Solving Normal Equations
If $A$ is full column rank ($\text{rank}(A) = n$), then $A^T A$ is symmetric positive definite (SPD):
- Symmetric. $(A^T A)^T = A^T A$.
- Positive Definite.
- Since $A^T A = V \Sigma^2 V^T$, we have $\lambda_i(A^T A) = \sigma_i(A)^2 > 0$,
- or equivalently, $x^T A^T A x = \lVert Ax \rVert_2^2 > 0$ for all $x \neq 0$.
Since $A^T A$ is SPD, we can use Cholesky factorization to solve the normal equation $A^T A x = A^T b$.
QR Factorization
QR factorization provides a more stable way to solve the least squares problem.
Given a matrix $A \in \mathbb{R}^{m \times n}$ where $m \geq n$ and $\text{rank}(A) = n$, we can factor it as $A = QR$, where:
- $Q \in \mathbb{R}^{m \times m}$ is an orthogonal matrix (i.e., $Q^T Q = I_m$),
- $R \in \mathbb{R}^{m \times n}$ is an upper trapezoidal matrix. For $m > n$, first $n$ rows of $R$ are upper triangular with positive diagonal, and the remaining rows are zero.
A reduced QR factorization is defined as $A = \hat{Q} \hat{R}$, where:
- $\hat{Q} \in \mathbb{R}^{m \times n}$ has orthonormal columns,
- $\hat{R} \in \mathbb{R}^{n \times n}$ is upper triangular.
To solve the least squares problem $Ax \cong b$, we can:
- Compute the reduced QR factorization $A = \hat{Q} \hat{R}$.
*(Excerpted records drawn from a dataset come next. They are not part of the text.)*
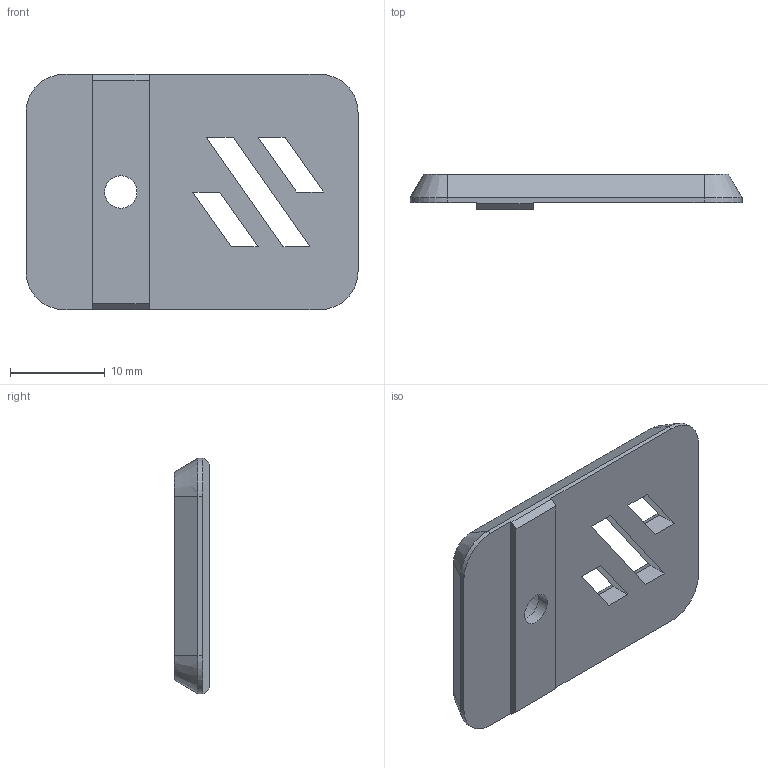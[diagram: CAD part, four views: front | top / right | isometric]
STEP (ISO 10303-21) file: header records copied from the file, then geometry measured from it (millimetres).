
FILE_DESCRIPTION(/* description */ (''),/* implementation_level */ '2;1');
FILE_NAME(/* name */ 'deck_panel_support_upper.stp',/* time_stamp */ '2021-06-15T19:36:22-06:00',/* author */ ('wile.e'),/* organization */ (''),/* preprocessor_version */ 'ST-DEVELOPER v18.1',/* originating_system */ 'Autodesk Inventor 2022',/* authorisation */ '');
FILE_SCHEMA (('AUTOMOTIVE_DESIGN { 1 0 10303 214 3 1 1 }'));
Length unit declared in the file: millimetre
Products named in the file (1): deck_panel_support_upper
Bounding box: 35 x 3.75 x 24.8 mm (x, y, z)
Volume: 2177.5 mm3; surface area: 2070.3 mm2
Topology: 1 solids, 1 shells, 51 faces, 124 edges, 76 vertices
Faces by surface type: plane 41, cylinder 6, cone 4
Full cylindrical faces by diameter (mm): 3.4 x1, 6 x1
Entity records: 1511 total; most frequent: CARTESIAN_POINT 252, ORIENTED_EDGE 248, DIRECTION 244, EDGE_CURVE 124, LINE 108, VECTOR 108, VERTEX_POINT 76, AXIS2_PLACEMENT_3D 68

- Multiply both sides by $\hat{Q}^T$ to get $\hat{R} x = \hat{Q}^T b$.
- Solve the upper triangular system $\hat{R} x = \hat{Q}^T b$ using backward substitution.
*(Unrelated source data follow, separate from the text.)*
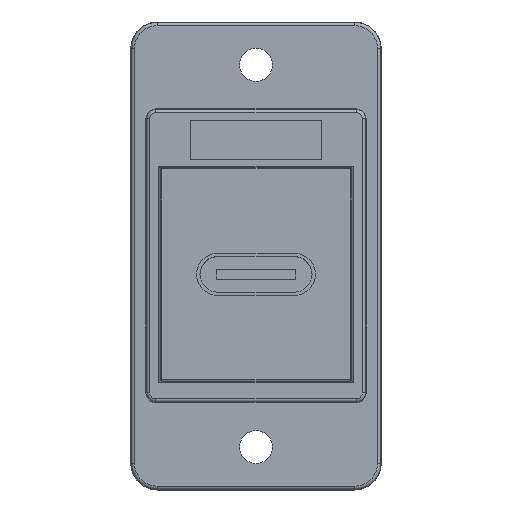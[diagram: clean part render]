
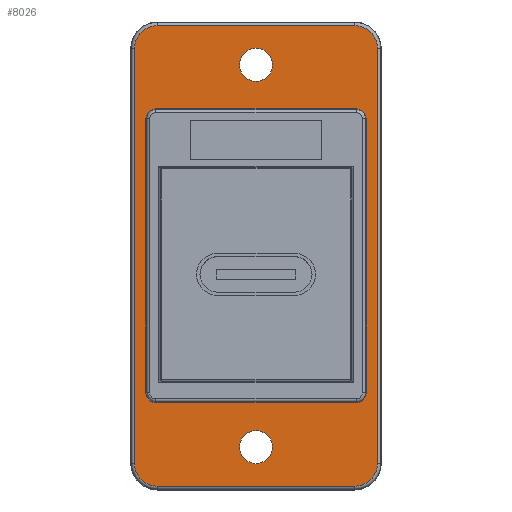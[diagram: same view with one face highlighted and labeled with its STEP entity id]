
A CAD part, top view. The second image highlights one B-rep face of the part: STEP entity #8026.
In plain terms, the highlighted planar face has unit normal (0, 0, 1).
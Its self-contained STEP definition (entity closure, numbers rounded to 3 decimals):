
#322=FACE_BOUND('',#980,.T.);
#323=FACE_BOUND('',#981,.T.);
#324=FACE_BOUND('',#982,.T.);
#364=CIRCLE('',#8487,0.75);
#365=CIRCLE('',#8490,0.75);
#369=CIRCLE('',#8498,1.714);
#373=CIRCLE('',#8504,1.714);
#377=CIRCLE('',#8510,1.714);
#381=CIRCLE('',#8516,1.714);
#384=CIRCLE('',#8524,0.75);
#385=CIRCLE('',#8525,0.75);
#386=CIRCLE('',#8526,1.25);
#387=CIRCLE('',#8527,1.25);
#529=FACE_OUTER_BOUND('',#979,.T.);
#979=EDGE_LOOP('',(#5554,#5555,#5556,#5557,#5558,#5559,#5560,#5561));
#980=EDGE_LOOP('',(#5562,#5563,#5564,#5565,#5566,#5567,#5568,#5569));
#981=EDGE_LOOP('',(#5570));
#982=EDGE_LOOP('',(#5571));
#1485=LINE('',#11415,#2428);
#1488=LINE('',#11423,#2431);
#1498=LINE('',#11449,#2441);
#1499=LINE('',#11460,#2442);
#1501=LINE('',#11472,#2444);
#1503=LINE('',#11484,#2446);
#1512=LINE('',#11509,#2455);
#1513=LINE('',#11513,#2456);
#2428=VECTOR('',#9171,10.);
#2431=VECTOR('',#9180,10.);
#2441=VECTOR('',#9198,10.);
#2442=VECTOR('',#9211,10.);
#2444=VECTOR('',#9225,10.);
#2446=VECTOR('',#9239,10.);
#2455=VECTOR('',#9268,10.);
#2456=VECTOR('',#9271,10.);
#3374=VERTEX_POINT('',#11407);
#3375=VERTEX_POINT('',#11409);
#3376=VERTEX_POINT('',#11413);
#3377=VERTEX_POINT('',#11417);
#3378=VERTEX_POINT('',#11421);
#3387=VERTEX_POINT('',#11442);
#3390=VERTEX_POINT('',#11447);
#3392=VERTEX_POINT('',#11452);
#3394=VERTEX_POINT('',#11458);
#3396=VERTEX_POINT('',#11464);
#3398=VERTEX_POINT('',#11470);
#3400=VERTEX_POINT('',#11476);
#3402=VERTEX_POINT('',#11482);
#3408=VERTEX_POINT('',#11508);
#3409=VERTEX_POINT('',#11510);
#3410=VERTEX_POINT('',#11512);
#3411=VERTEX_POINT('',#11515);
#3412=VERTEX_POINT('',#11517);
#4189=EDGE_CURVE('',#3374,#3375,#364,.F.);
#4192=EDGE_CURVE('',#3376,#3374,#1485,.T.);
#4194=EDGE_CURVE('',#3377,#3376,#365,.F.);
#4196=EDGE_CURVE('',#3378,#3377,#1488,.T.);
#4208=EDGE_CURVE('',#3390,#3387,#1498,.T.);
#4210=EDGE_CURVE('',#3392,#3390,#369,.T.);
#4213=EDGE_CURVE('',#3394,#3392,#1499,.T.);
#4216=EDGE_CURVE('',#3396,#3394,#373,.T.);
#4219=EDGE_CURVE('',#3398,#3396,#1501,.T.);
#4222=EDGE_CURVE('',#3400,#3398,#377,.T.);
#4225=EDGE_CURVE('',#3402,#3400,#1503,.T.);
#4228=EDGE_CURVE('',#3387,#3402,#381,.T.);
#4238=EDGE_CURVE('',#3375,#3408,#1512,.T.);
#4239=EDGE_CURVE('',#3409,#3378,#384,.F.);
#4240=EDGE_CURVE('',#3410,#3409,#1513,.T.);
#4241=EDGE_CURVE('',#3408,#3410,#385,.F.);
#4242=EDGE_CURVE('',#3411,#3411,#386,.T.);
#4243=EDGE_CURVE('',#3412,#3412,#387,.T.);
#5554=ORIENTED_EDGE('',*,*,#4208,.F.);
#5555=ORIENTED_EDGE('',*,*,#4210,.F.);
#5556=ORIENTED_EDGE('',*,*,#4213,.F.);
#5557=ORIENTED_EDGE('',*,*,#4216,.F.);
#5558=ORIENTED_EDGE('',*,*,#4219,.F.);
#5559=ORIENTED_EDGE('',*,*,#4222,.F.);
#5560=ORIENTED_EDGE('',*,*,#4225,.F.);
#5561=ORIENTED_EDGE('',*,*,#4228,.F.);
#5562=ORIENTED_EDGE('',*,*,#4238,.F.);
#5563=ORIENTED_EDGE('',*,*,#4189,.F.);
#5564=ORIENTED_EDGE('',*,*,#4192,.F.);
#5565=ORIENTED_EDGE('',*,*,#4194,.F.);
#5566=ORIENTED_EDGE('',*,*,#4196,.F.);
#5567=ORIENTED_EDGE('',*,*,#4239,.F.);
#5568=ORIENTED_EDGE('',*,*,#4240,.F.);
#5569=ORIENTED_EDGE('',*,*,#4241,.F.);
#5570=ORIENTED_EDGE('',*,*,#4242,.T.);
#5571=ORIENTED_EDGE('',*,*,#4243,.T.);
#7684=PLANE('',#8523);
#8026=ADVANCED_FACE('',(#529,#322,#323,#324),#7684,.T.);
#8487=AXIS2_PLACEMENT_3D('',#11410,#9165,#9166);
#8490=AXIS2_PLACEMENT_3D('',#11419,#9175,#9176);
#8498=AXIS2_PLACEMENT_3D('',#11454,#9203,#9204);
#8504=AXIS2_PLACEMENT_3D('',#11466,#9217,#9218);
#8510=AXIS2_PLACEMENT_3D('',#11478,#9231,#9232);
#8516=AXIS2_PLACEMENT_3D('',#11488,#9245,#9246);
#8523=AXIS2_PLACEMENT_3D('',#11507,#9266,#9267);
#8524=AXIS2_PLACEMENT_3D('',#11511,#9269,#9270);
#8525=AXIS2_PLACEMENT_3D('',#11514,#9272,#9273);
#8526=AXIS2_PLACEMENT_3D('',#11516,#9274,#9275);
#8527=AXIS2_PLACEMENT_3D('',#11518,#9276,#9277);
#9165=DIRECTION('center_axis',(0.,0.,-1.));
#9166=DIRECTION('ref_axis',(0.707,0.707,0.));
#9171=DIRECTION('',(0.,1.,0.));
#9175=DIRECTION('center_axis',(0.,0.,-1.));
#9176=DIRECTION('ref_axis',(0.707,-0.707,0.));
#9180=DIRECTION('',(1.,0.,0.));
#9198=DIRECTION('',(-1.,0.,0.));
#9203=DIRECTION('center_axis',(0.,0.,-1.));
#9204=DIRECTION('ref_axis',(0.707,-0.707,0.));
#9211=DIRECTION('',(0.,-1.,0.));
#9217=DIRECTION('center_axis',(0.,0.,-1.));
#9218=DIRECTION('ref_axis',(0.707,0.707,0.));
#9225=DIRECTION('',(1.,0.,0.));
#9231=DIRECTION('center_axis',(0.,0.,-1.));
#9232=DIRECTION('ref_axis',(-0.707,0.707,0.));
#9239=DIRECTION('',(0.,1.,0.));
#9245=DIRECTION('center_axis',(0.,0.,-1.));
#9246=DIRECTION('ref_axis',(-0.707,-0.707,0.));
#9266=DIRECTION('center_axis',(0.,0.,1.));
#9267=DIRECTION('ref_axis',(0.,-1.,0.));
#9268=DIRECTION('',(-1.,0.,0.));
#9269=DIRECTION('center_axis',(0.,0.,-1.));
#9270=DIRECTION('ref_axis',(-0.707,-0.707,0.));
#9271=DIRECTION('',(0.,-1.,0.));
#9272=DIRECTION('center_axis',(0.,0.,-1.));
#9273=DIRECTION('ref_axis',(-0.707,0.707,0.));
#9274=DIRECTION('center_axis',(0.,0.,-1.));
#9275=DIRECTION('ref_axis',(0.,-1.,0.));
#9276=DIRECTION('center_axis',(0.,0.,-1.));
#9277=DIRECTION('ref_axis',(0.,-1.,0.));
#11407=CARTESIAN_POINT('',(8.35,11.8,-2.8));
#11409=CARTESIAN_POINT('',(7.6,12.55,-2.8));
#11410=CARTESIAN_POINT('Origin',(7.6,11.8,-2.8));
#11413=CARTESIAN_POINT('',(8.35,-9.,-2.8));
#11415=CARTESIAN_POINT('',(8.35,6.975,-2.8));
#11417=CARTESIAN_POINT('',(7.6,-9.75,-2.8));
#11419=CARTESIAN_POINT('Origin',(7.6,-9.,-2.8));
#11421=CARTESIAN_POINT('',(-7.6,-9.75,-2.8));
#11423=CARTESIAN_POINT('',(4.175,-9.75,-2.8));
#11442=CARTESIAN_POINT('',(-7.5,-16.064,-2.8));
#11447=CARTESIAN_POINT('',(7.5,-16.064,-2.8));
#11449=CARTESIAN_POINT('',(4.75,-16.064,-2.8));
#11452=CARTESIAN_POINT('',(9.214,-14.35,-2.8));
#11454=CARTESIAN_POINT('Origin',(7.5,-14.35,-2.8));
#11458=CARTESIAN_POINT('',(9.214,17.15,-2.8));
#11460=CARTESIAN_POINT('',(9.214,10.275,-2.8));
#11464=CARTESIAN_POINT('',(7.5,18.864,-2.8));
#11466=CARTESIAN_POINT('Origin',(7.5,17.15,-2.8));
#11470=CARTESIAN_POINT('',(-7.5,18.864,-2.8));
#11472=CARTESIAN_POINT('',(-4.75,18.864,-2.8));
#11476=CARTESIAN_POINT('',(-9.214,17.15,-2.8));
#11478=CARTESIAN_POINT('Origin',(-7.5,17.15,-2.8));
#11482=CARTESIAN_POINT('',(-9.214,-14.35,-2.8));
#11484=CARTESIAN_POINT('',(-9.214,-7.475,-2.8));
#11488=CARTESIAN_POINT('Origin',(-7.5,-14.35,-2.8));
#11507=CARTESIAN_POINT('Origin',(0.,1.4,-2.8));
#11508=CARTESIAN_POINT('',(-7.6,12.55,-2.8));
#11509=CARTESIAN_POINT('',(-4.175,12.55,-2.8));
#11510=CARTESIAN_POINT('',(-8.35,-9.,-2.8));
#11511=CARTESIAN_POINT('Origin',(-7.6,-9.,-2.8));
#11512=CARTESIAN_POINT('',(-8.35,11.8,-2.8));
#11513=CARTESIAN_POINT('',(-8.35,-4.175,-2.8));
#11514=CARTESIAN_POINT('Origin',(-7.6,11.8,-2.8));
#11515=CARTESIAN_POINT('',(0.,17.15,-2.8));
#11516=CARTESIAN_POINT('Origin',(0.,15.9,-2.8));
#11517=CARTESIAN_POINT('',(0.,-11.85,-2.8));
#11518=CARTESIAN_POINT('Origin',(0.,-13.1,-2.8));

This method is more stable than the normal equations, since multiplying by an orthogonal matrix doesn’t grow the error.
Gram-Schmidt Orthogonalization
The Gram-Schmidt process finds a set of orthonormal vectors with the same span as the columns of $A$.
We can use it to compute the QR factorization of $A$.
The classical Gram-Schmidt process for QR factorization:
for i = 1,…,n
b_i = a_i # start with original column
for j = 1,…,i−1
r_ji = <q_j, a_i> # projection coefficient
b_i = b_i − r_ji q_j # subtract projection
end
r_ii = ||b_i||
q_i = b_i / r_ii
end
The modified Gram-Schmidt process is more numerically stable:
for i = 1,…,n
b_i = a_i
for j = 1,…,i−1
r_ji = <q_j, b_i>
b_i = b_i − r_ji q_j
end
r_ii = ||b_i||
q_i = b_i / r_ii
end
Here, instead of subtracting the projection from the original vector, we subtract it from the already orthogonalized vector $b_i$.